• WHAT IS EXPECTED
Restate the lines word for word, from the one containing "Faces by surface" through the last line of the entries below, without any other lines.

• MATERIAL SUPPLIED
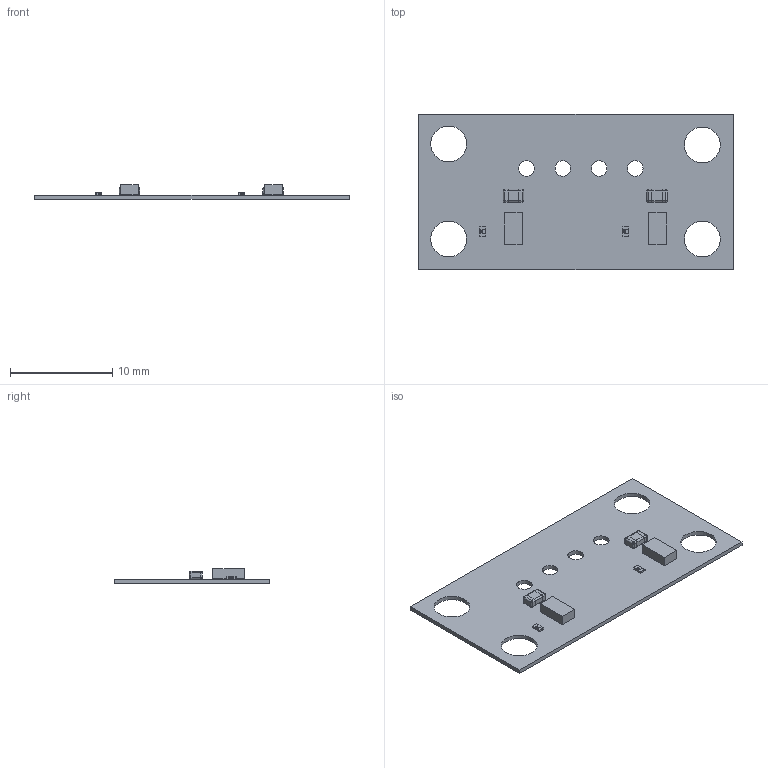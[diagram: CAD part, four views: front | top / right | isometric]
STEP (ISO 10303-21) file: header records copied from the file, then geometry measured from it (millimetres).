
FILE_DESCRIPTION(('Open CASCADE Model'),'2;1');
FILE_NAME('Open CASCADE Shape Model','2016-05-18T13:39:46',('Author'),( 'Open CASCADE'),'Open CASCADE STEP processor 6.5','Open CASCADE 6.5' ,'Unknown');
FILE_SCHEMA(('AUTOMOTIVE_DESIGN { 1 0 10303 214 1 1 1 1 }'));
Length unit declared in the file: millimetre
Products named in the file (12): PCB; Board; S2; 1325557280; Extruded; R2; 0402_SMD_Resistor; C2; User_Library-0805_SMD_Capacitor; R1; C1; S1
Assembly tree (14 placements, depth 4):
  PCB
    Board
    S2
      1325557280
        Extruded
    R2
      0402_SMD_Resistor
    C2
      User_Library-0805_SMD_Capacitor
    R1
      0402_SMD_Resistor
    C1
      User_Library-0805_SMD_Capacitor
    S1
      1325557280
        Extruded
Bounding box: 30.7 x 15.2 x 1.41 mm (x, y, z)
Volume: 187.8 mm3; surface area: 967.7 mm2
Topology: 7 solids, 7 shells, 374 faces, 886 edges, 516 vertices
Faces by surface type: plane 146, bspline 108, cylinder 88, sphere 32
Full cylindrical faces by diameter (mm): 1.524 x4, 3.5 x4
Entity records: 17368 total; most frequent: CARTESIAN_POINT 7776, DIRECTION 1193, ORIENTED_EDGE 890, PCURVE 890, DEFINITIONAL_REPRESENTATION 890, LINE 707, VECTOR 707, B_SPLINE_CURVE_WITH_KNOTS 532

• COMPLETED TASK
Faces by surface type: plane 146, bspline 108, cylinder 88, sphere 32
Full cylindrical faces by diameter (mm): 1.524 x4, 3.5 x4
Entity records: 17368 total; most frequent: CARTESIAN_POINT 7776, DIRECTION 1193, ORIENTED_EDGE 890, PCURVE 890, DEFINITIONAL_REPRESENTATION 890, LINE 707, VECTOR 707, B_SPLINE_CURVE_WITH_KNOTS 532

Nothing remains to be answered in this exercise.